Os Candidatos a Administradores Judiciários

      Com o Aviso nº. 3025/2018 de 07MAR, anunciou a Direção-Geral da Administração da Justiça (DGAJ) a abertura do procedimento de seleção para admissão à frequência de curso de formação para Administrador Judiciário, para um total de 20 vagas.


      A este curso podiam candidatar-se Oficiais de Justiça da categoria de Secretário de Justiça, classificados com "Muito Bom" e ainda os Oficiais de Justiça de outras categorias mas desde que, cumulativamente, tivessem pelo menos 15 anos de serviço como Oficial de Justiça, a classificação de "Muito Bom" e uma licenciatura numa das seguintes áreas: Administração Pública, Contabilidade, Direito, Economia, Finanças, Gestão ou Matemática.


      Pode aceder ao mencionado aviso “aqui”.


      Terminado o prazo de apresentação das candidaturas ao curso, foi esta semana divulgada a lista provisória dos candidatos admitidos e excluídos ao procedimento concursal, estando agora a decorrer o prazo de audiência dos interessados (10 dias úteis) para se pronunciarem (querendo) sobre esta lista provisória.

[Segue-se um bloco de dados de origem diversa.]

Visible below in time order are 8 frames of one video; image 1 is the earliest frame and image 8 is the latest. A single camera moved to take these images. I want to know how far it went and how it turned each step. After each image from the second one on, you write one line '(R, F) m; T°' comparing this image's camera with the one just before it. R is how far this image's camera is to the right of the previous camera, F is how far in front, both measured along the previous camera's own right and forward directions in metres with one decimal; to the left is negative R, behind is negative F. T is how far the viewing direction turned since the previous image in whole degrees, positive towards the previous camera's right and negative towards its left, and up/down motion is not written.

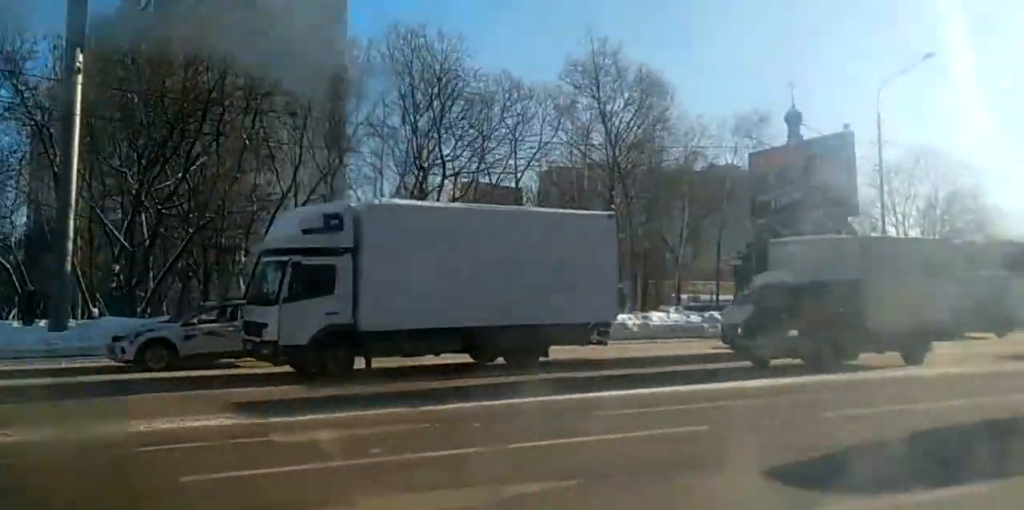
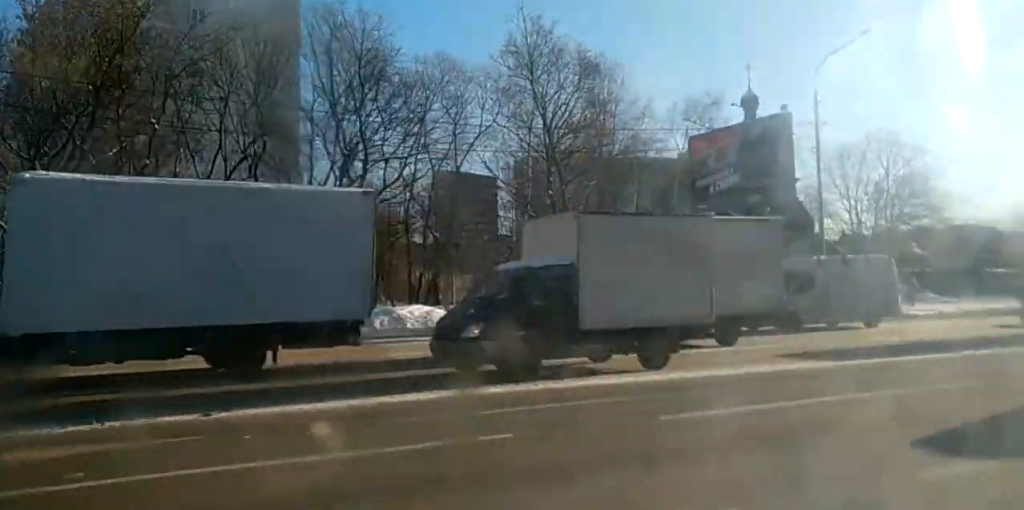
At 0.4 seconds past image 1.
(0.0, +2.5) m; 0°
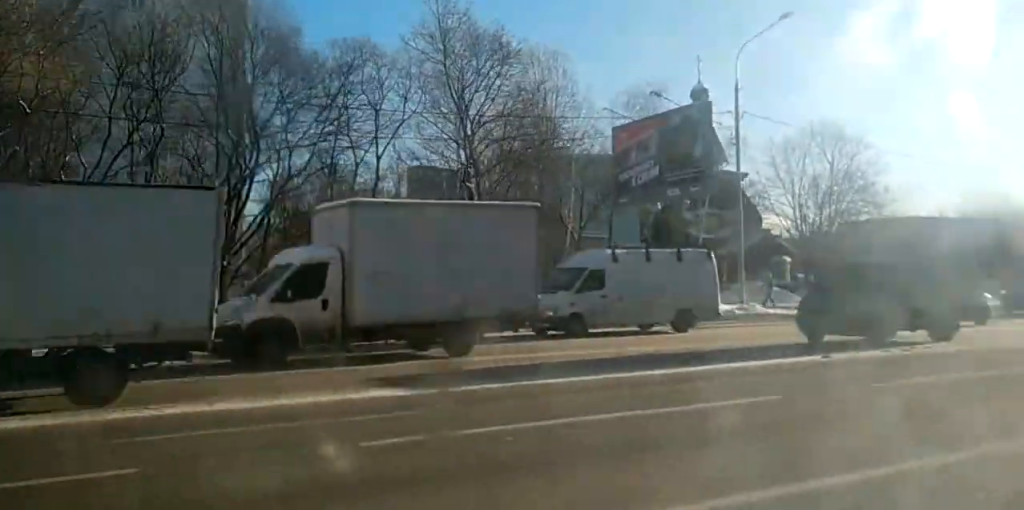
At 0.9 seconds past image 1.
(+0.1, +3.6) m; 0°
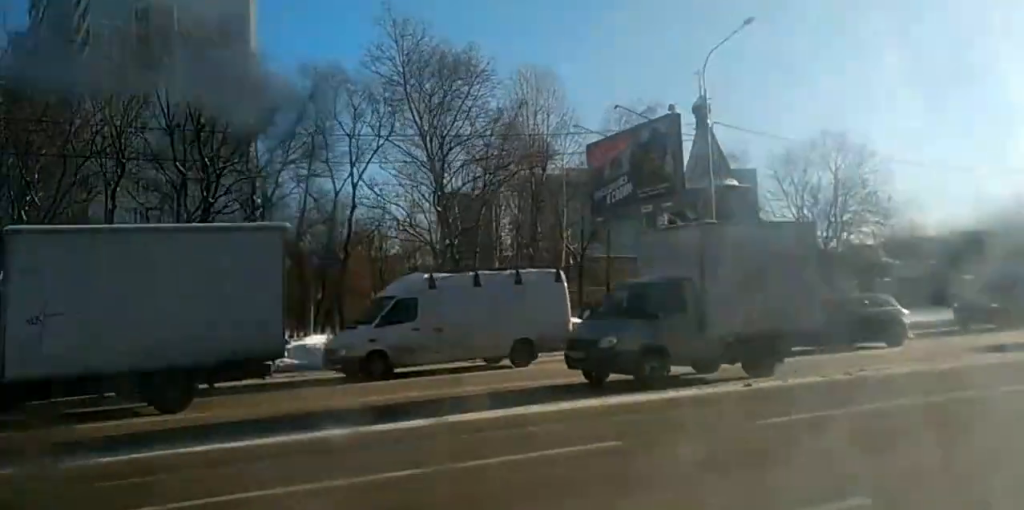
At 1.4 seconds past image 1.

      A lista, que está disponível na página da DGAJ, pode também ser acedida diretamente através da seguinte hiperligação: "Lista Provisória".


      Esta lista provisória contém um total de 245 Oficiais de Justiça admitidos e 22 excluídos, isto é, houve um total de 267 candidatos.


      Dos 245 Oficiais de Justiça admitidos, apenas 18 pertencem à categoria de Secretário de Justiça, isto é, qualquer coisa como 7% dos candidatos admitidos, sendo, portanto, a esmagadora maioria dos candidatos, Oficiais de Justiça detentores de habilitação académica de nível superior e que não percorreram todas as categorias da carreira.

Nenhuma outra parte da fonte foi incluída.